# Last ditch attempt at pairing Basil with a friend



## Baby British (Jan 24, 2010)

I got Basil at the beginning of the year. It was the usual story of the previous owners kids getting bored of him and wanting rid  He came to me in a tiny maggot infested hutch and wasn't a huge fan of people (unsurprisingly). 

Thankfully a lot has changed for Basil in the months since he came here. He has a new clean spacious cage, fresh greens everyday & cuddles a plenty that he has learned to love. Unfortunately one thing is still missing......... a friend to share his new life with.

At the time Basil came to live with us I had just got two other baby guinea babies Ozzy & Casper. I immediately bought a third from the litter, another boar, as a friend for Basil. Unfortunately the pairing wasn't meant to be and I ended up having to put the baby boar in with his two brothers. They lived happily as a trio for a time but eventually 3 proved to be a crowd and I had to separate the third boy into a cage on his own. 

A few weeks ago I was contacted by a lady looking for a male to pair with her lonely female. The female hadn't taken to living with other sows and so as a last ditch attempt the lady wanted to try her with a boar. I was a tad skeptical as my boy hadn't got along with his littermates & I knew that castration doesn't affect temperament. I agreed that she could take my third boy and have him neutered before trying him with her girl on the condition that he was returned to me if it didn't work out. As it turns out there is no need as the two are getting along great!

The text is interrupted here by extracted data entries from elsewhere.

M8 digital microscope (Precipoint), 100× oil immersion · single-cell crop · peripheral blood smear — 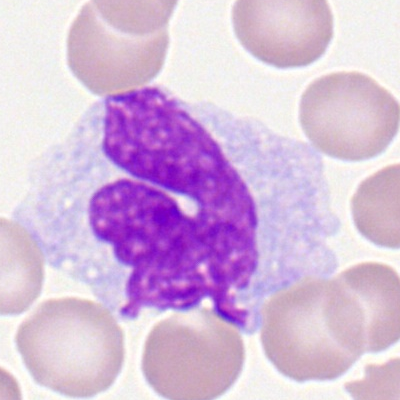
Morphology consistent with a monocyte.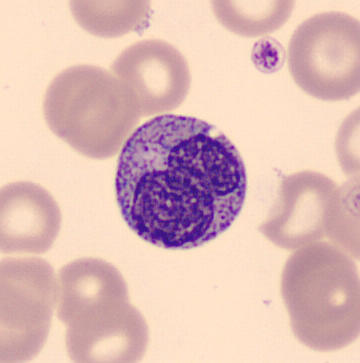This is a metamyelocyte.
Peripheral blood film.
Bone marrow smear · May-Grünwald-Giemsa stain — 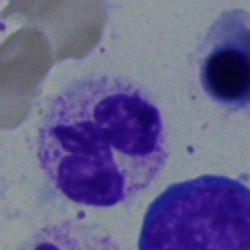

Morphology consistent with a segmented neutrophil.
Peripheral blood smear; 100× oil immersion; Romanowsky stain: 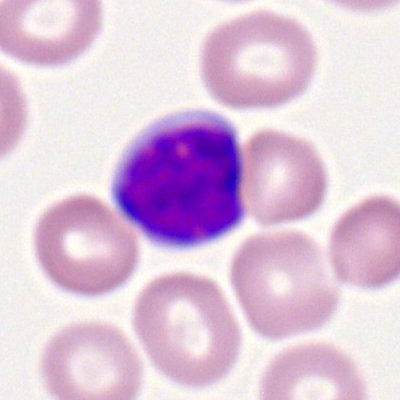
Showing a typical lymphocyte.
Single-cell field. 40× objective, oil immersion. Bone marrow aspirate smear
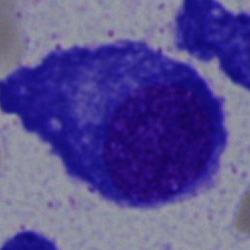 The classification is plasmacyte.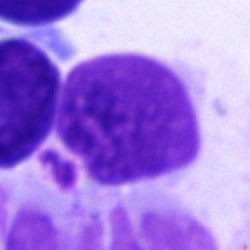Single-cell crop from a bone marrow smear: unidentifiable cell.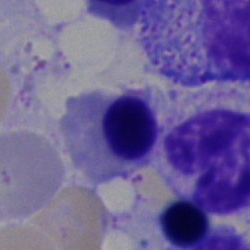

A nucleated red cell on a bone marrow smear.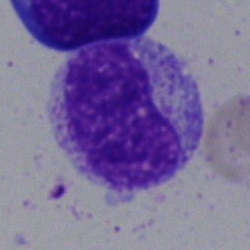 Cell — metamyelocyte.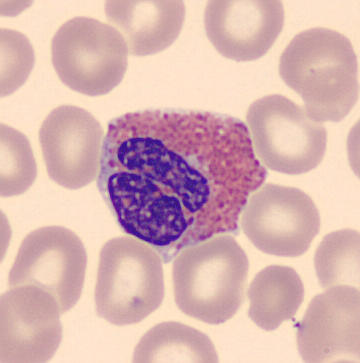 Showing an eosinophilic granulocyte. Image: Peripheral blood film.
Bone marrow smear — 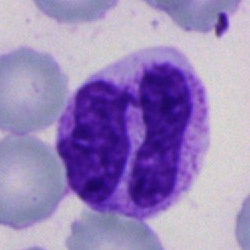The cell shown is a polymorphonuclear neutrophil.
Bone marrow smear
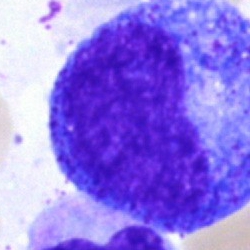 Morphological class — progranulocyte.
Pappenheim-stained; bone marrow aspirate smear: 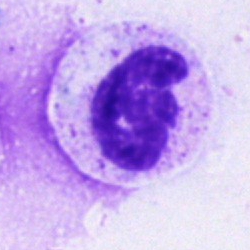

{"cell_type": "segmented neutrophil"}
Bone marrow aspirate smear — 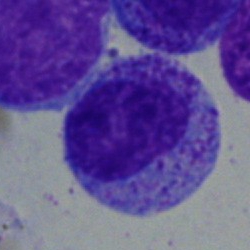Single cell identified as a myelocyte.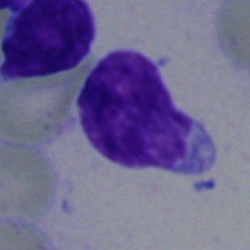

{"cell_type": "blast cell"}
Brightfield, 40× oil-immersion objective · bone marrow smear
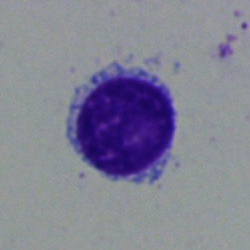

The morphological class is lymphocyte.
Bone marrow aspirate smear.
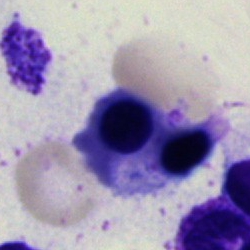Showing an erythroblast.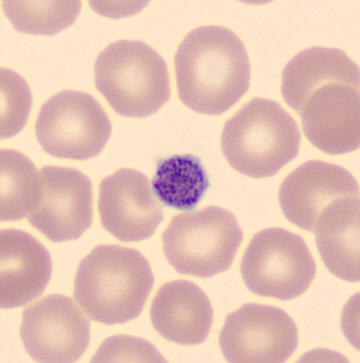

Specimen: peripheral blood smear.
Cell type: platelet.
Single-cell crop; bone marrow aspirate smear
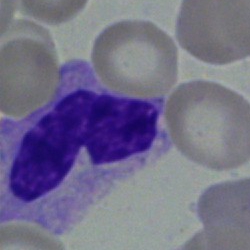
A band neutrophil.
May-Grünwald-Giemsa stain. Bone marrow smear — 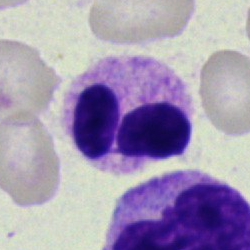
A segmented neutrophil.
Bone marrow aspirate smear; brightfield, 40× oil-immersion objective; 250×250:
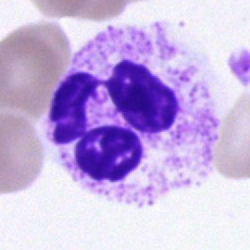
Q: What cell is this?
A: A segmented neutrophil.
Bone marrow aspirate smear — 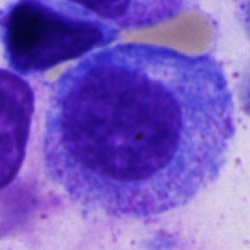
Specimen: bone marrow aspirate smear.
Morphological class: promyelocyte.
Lineage: myeloid.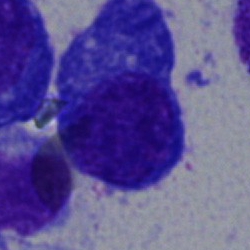 This is a plasma cell.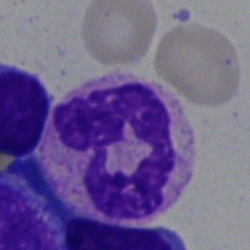 Specimen: bone marrow aspirate smear.
Cell type: neutrophil (segmented).
Lineage: myeloid.
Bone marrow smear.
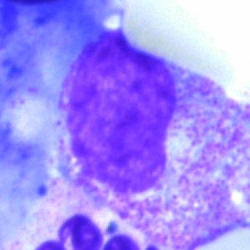Q: Which cell type is shown here?
A: A myelocyte.
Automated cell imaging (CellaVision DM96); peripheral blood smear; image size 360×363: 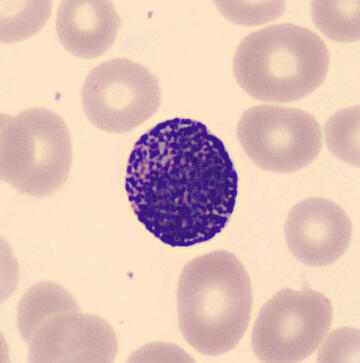Cell type = basophil.
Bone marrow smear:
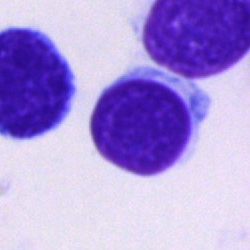

Morphological class = lymphocyte.
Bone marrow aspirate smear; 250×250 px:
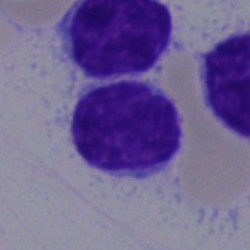 Q: What type of cell is this?
A: This is a lymphocyte.
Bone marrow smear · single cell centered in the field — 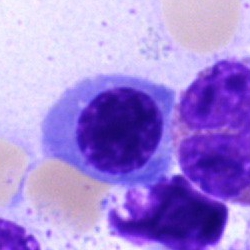 The morphological class is erythroblast.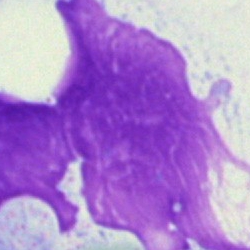
Cell — artefact.
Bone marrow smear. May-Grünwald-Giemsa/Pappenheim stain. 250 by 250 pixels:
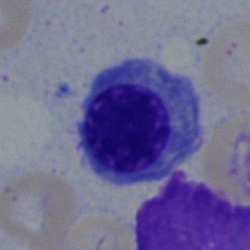
This is an erythroblast.
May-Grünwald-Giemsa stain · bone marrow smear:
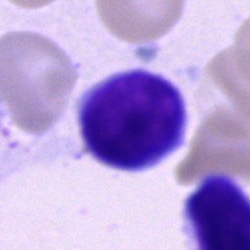 Q: Identify the cell.
A: A lymphocyte.
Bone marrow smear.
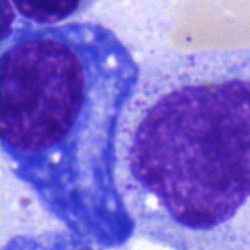

Impression — plasmacyte.
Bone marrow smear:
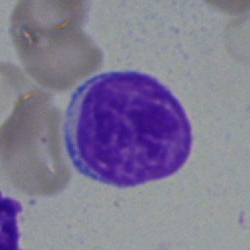
Typical lymphocyte.
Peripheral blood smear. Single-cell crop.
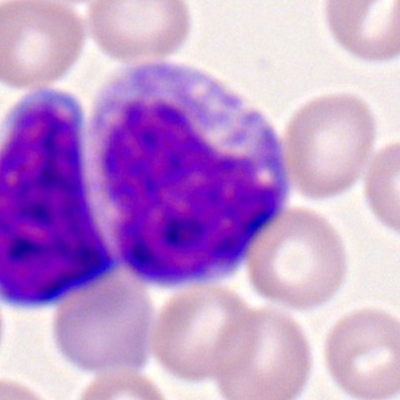Single cell identified as a monocyte.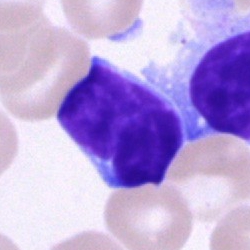
Cell: typical lymphocyte.
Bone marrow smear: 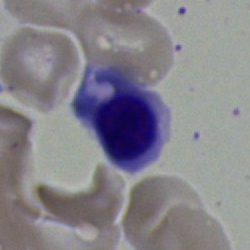
A nucleated red blood cell.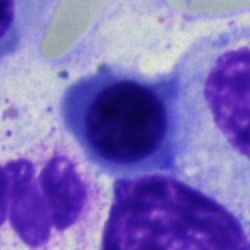Specimen: bone marrow aspirate smear.
Cell: erythroblast.
Lineage: erythroid.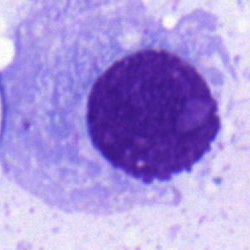 Impression → plasma cell.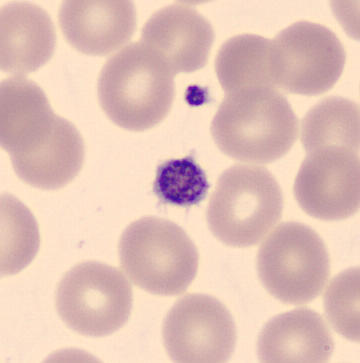

Image: Peripheral blood smear. Showing a thrombocyte.
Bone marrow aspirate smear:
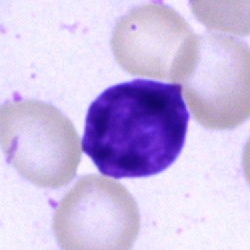
Impression → lymphocyte.
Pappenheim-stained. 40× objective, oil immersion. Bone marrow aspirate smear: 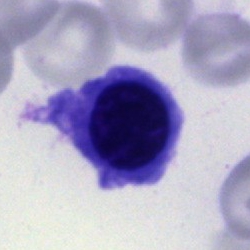

Specimen: bone marrow aspirate smear.
Classification: nucleated red cell.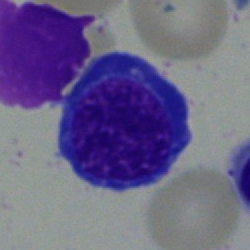Morphological class — nucleated red blood cell.
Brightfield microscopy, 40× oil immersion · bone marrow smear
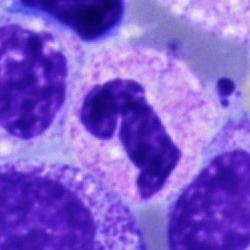 Q: What is shown here?
A: This is a segmented neutrophil.
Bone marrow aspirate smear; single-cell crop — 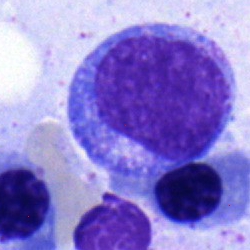
Progranulocyte.
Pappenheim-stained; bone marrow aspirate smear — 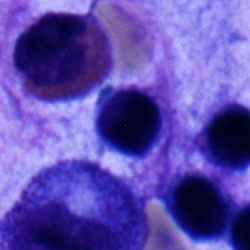
Specimen: bone marrow smear.
Classification: lymphocyte.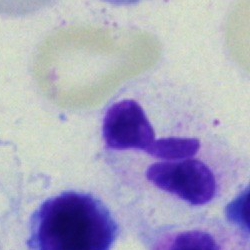Single-cell crop from a bone marrow smear: polymorphonuclear neutrophil.
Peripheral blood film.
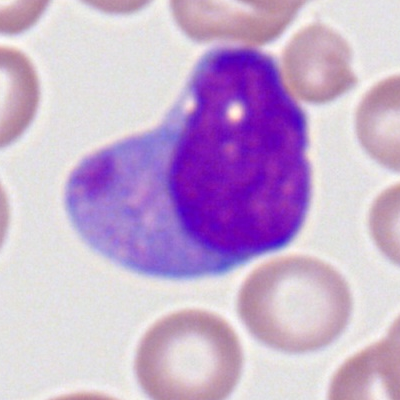A monocyte.
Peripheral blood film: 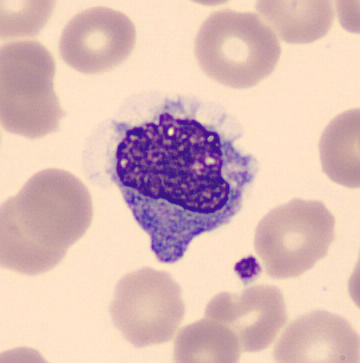

Single cell identified as a monocyte.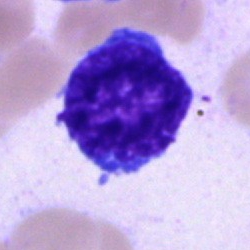
Impression → undifferentiated blast.
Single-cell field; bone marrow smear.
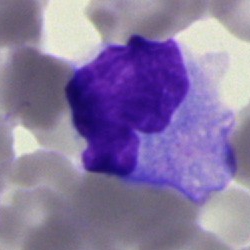
The classification is artefact.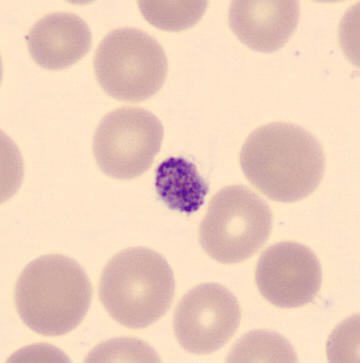

Image: Peripheral blood film.
Impression → platelet (thrombocyte).
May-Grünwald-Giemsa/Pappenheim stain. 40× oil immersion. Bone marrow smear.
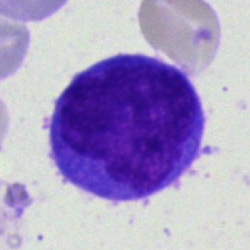 Single cell identified as a monocyte.
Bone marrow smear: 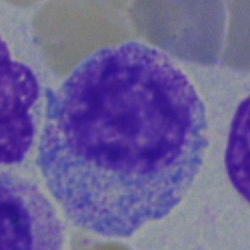

The classification is myelocyte.

Basil has been on his own (albeit in a cage side by side with the others) since the unsuccessful pairing with the young boar. Recent events have got me thinking however that all may not be lost for the old chap after all. Today I have booked him in for next week to have his nads off and fingers crossed a new lady pig will be coming to live here on Saturday (albeit in her own cage until Basil has had his op and taken a few weeks to ensure it has worked!)

Fingers, toes & everything crossed that love will be in the air at long last for my lovely boy Basil :thumbup:


----------



## emzybabe (Jun 30, 2009)

fingers crossed for him i know its not so simple in piggies with them being so close to the ground. Are they indoor piggies? Ive never met a boy thats not taken straight away to a girl pig


----------